§ Task prompt:
Scan the records below for the line with "[-0.097,-0.067,0.599,0.040,0.041,0.040,0,35,0]" and the line with "[-0.005,-0.015,0.921,1.025,0.679,0.759,0,35,0]". Repeat those two lines and every line between them exactly, and nothing else.

§ Information provided:
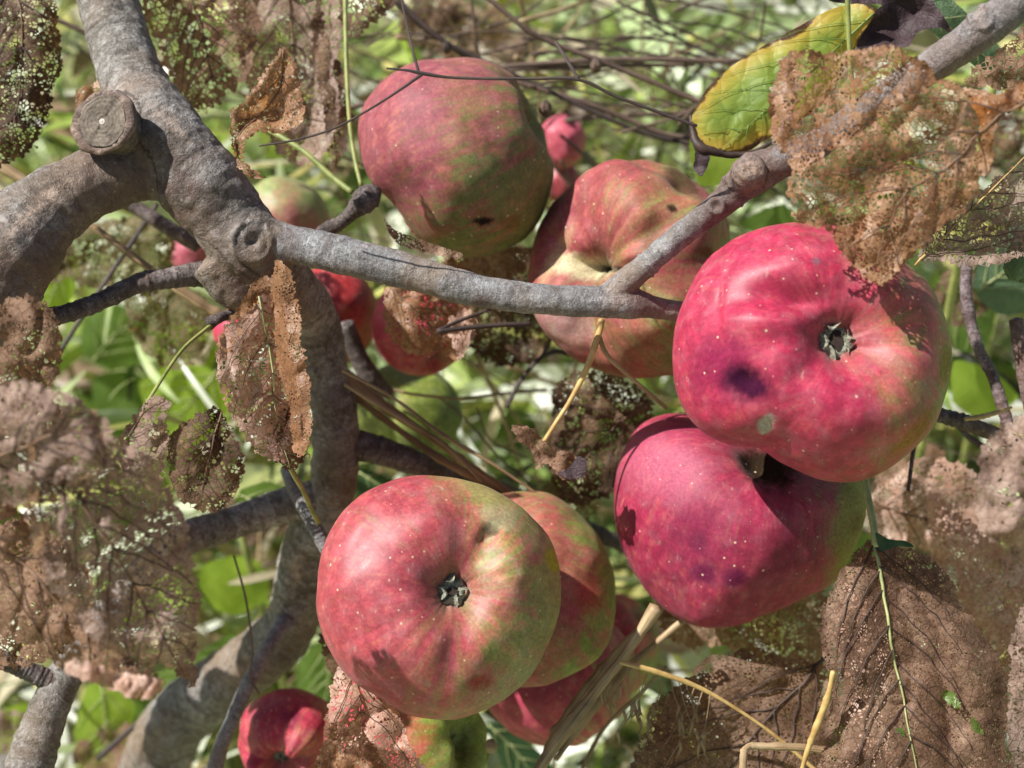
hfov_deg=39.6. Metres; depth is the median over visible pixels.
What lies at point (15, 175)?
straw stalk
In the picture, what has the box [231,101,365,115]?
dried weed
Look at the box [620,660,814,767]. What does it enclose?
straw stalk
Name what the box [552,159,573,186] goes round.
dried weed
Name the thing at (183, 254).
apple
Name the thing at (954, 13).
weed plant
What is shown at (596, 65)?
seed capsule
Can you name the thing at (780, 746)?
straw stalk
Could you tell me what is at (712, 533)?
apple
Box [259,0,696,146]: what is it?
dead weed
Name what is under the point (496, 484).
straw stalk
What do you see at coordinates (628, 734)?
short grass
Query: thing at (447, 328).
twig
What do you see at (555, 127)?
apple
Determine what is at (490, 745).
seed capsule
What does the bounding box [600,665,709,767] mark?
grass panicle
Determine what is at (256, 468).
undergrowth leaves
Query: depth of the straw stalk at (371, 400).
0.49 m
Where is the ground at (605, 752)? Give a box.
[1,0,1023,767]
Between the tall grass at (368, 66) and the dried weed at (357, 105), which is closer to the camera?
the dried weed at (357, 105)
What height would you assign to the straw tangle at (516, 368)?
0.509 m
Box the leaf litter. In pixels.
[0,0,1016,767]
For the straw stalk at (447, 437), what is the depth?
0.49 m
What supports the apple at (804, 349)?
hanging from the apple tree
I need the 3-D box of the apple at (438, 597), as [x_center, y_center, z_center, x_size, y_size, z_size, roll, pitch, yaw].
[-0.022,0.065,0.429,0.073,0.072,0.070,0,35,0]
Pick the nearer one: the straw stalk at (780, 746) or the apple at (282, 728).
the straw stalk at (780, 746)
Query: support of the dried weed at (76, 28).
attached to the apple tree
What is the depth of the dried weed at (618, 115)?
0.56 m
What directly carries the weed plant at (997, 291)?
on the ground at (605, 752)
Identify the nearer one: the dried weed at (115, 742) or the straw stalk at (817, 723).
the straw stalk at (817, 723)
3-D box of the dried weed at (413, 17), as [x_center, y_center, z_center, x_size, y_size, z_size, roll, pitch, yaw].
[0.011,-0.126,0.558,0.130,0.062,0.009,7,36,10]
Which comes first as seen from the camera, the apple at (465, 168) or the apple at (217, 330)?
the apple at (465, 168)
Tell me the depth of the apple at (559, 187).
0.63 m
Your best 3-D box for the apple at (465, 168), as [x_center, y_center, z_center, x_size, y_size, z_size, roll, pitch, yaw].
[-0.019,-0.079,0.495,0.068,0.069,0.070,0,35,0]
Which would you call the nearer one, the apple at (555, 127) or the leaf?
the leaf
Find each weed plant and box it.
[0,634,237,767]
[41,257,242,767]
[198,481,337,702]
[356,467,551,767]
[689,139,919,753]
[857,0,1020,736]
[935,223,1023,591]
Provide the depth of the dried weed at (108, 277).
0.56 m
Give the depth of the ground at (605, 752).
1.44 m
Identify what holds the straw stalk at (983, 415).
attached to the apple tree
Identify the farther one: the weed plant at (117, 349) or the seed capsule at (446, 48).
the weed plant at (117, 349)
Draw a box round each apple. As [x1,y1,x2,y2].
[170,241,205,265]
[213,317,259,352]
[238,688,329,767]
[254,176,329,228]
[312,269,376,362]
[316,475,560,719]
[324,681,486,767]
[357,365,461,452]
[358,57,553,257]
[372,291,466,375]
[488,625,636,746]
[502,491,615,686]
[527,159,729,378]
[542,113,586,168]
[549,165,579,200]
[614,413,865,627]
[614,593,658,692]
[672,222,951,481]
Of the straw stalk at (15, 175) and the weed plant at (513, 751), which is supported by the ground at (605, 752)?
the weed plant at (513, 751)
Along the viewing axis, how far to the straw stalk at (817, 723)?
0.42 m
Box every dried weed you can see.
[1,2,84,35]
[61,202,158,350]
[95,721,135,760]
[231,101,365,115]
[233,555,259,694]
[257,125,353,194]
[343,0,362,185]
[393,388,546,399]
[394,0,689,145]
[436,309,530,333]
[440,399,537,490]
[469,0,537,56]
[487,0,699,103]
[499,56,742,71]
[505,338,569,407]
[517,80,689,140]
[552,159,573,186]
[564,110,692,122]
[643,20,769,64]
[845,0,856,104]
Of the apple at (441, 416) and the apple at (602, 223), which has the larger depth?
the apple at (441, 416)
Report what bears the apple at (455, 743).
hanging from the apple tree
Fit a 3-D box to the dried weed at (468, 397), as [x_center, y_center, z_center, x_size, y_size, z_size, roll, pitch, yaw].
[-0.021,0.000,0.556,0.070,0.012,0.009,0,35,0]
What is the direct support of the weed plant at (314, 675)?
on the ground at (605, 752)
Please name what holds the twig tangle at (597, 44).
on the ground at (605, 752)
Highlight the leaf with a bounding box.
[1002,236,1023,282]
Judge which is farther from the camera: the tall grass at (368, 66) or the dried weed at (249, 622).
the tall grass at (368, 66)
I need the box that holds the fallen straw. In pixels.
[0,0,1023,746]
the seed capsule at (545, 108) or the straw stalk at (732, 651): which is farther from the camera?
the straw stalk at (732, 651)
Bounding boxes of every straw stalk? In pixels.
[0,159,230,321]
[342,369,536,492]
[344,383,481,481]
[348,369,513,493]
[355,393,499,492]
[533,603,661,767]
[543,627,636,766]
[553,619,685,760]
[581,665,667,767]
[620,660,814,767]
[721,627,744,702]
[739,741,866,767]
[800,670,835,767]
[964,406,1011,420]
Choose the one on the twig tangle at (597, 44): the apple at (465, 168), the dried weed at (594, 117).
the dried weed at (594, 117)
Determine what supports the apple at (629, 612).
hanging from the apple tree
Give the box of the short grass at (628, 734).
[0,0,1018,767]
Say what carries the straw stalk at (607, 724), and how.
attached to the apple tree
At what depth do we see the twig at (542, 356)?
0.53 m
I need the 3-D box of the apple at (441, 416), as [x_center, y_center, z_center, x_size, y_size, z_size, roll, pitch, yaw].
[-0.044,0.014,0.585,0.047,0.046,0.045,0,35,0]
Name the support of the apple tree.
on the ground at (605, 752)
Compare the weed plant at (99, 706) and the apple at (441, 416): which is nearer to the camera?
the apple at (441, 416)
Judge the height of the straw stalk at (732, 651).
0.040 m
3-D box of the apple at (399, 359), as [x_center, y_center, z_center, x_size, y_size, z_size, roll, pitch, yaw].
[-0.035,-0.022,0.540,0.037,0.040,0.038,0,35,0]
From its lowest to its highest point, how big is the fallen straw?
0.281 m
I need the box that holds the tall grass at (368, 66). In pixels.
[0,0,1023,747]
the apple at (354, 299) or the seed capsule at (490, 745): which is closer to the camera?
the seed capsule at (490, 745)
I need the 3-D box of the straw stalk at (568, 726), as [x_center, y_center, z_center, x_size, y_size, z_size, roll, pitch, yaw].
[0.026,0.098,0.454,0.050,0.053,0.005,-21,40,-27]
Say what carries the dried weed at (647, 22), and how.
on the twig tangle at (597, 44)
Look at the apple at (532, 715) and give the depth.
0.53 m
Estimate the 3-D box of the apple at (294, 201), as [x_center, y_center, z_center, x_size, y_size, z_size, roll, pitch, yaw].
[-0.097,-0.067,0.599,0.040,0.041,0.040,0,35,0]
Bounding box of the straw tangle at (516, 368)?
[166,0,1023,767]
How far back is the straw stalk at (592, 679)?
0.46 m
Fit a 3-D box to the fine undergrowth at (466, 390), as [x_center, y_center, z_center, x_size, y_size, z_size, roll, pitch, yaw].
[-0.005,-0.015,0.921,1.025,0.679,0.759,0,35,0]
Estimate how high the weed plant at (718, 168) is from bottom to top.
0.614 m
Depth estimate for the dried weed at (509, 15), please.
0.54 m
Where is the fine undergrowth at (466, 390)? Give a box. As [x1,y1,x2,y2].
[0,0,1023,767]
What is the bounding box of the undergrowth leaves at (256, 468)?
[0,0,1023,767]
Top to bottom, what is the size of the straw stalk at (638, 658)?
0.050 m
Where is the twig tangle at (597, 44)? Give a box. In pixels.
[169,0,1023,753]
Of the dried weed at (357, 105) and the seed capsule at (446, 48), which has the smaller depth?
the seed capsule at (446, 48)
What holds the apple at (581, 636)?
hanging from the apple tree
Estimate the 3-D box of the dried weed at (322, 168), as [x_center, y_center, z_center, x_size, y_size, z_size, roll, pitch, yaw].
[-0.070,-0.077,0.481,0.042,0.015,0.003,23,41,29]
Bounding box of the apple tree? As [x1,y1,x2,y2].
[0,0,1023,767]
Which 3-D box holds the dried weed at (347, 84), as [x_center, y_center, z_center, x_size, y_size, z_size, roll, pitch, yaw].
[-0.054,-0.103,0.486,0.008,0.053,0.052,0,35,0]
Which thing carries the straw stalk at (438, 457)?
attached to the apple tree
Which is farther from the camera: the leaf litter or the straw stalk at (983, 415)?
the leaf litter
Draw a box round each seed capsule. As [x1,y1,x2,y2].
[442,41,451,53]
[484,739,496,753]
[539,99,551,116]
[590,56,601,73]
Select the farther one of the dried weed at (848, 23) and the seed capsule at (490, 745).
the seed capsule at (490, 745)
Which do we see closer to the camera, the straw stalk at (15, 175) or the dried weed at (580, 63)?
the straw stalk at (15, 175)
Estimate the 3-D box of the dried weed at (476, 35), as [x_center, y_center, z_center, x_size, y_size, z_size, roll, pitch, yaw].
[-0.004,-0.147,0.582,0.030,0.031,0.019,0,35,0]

§ Written response:
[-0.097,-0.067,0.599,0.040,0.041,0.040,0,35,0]
Bounding box of the straw tangle at (516, 368)?
[166,0,1023,767]
How far back is the straw stalk at (592, 679)?
0.46 m
Fit a 3-D box to the fine undergrowth at (466, 390), as [x_center, y_center, z_center, x_size, y_size, z_size, roll, pitch, yaw].
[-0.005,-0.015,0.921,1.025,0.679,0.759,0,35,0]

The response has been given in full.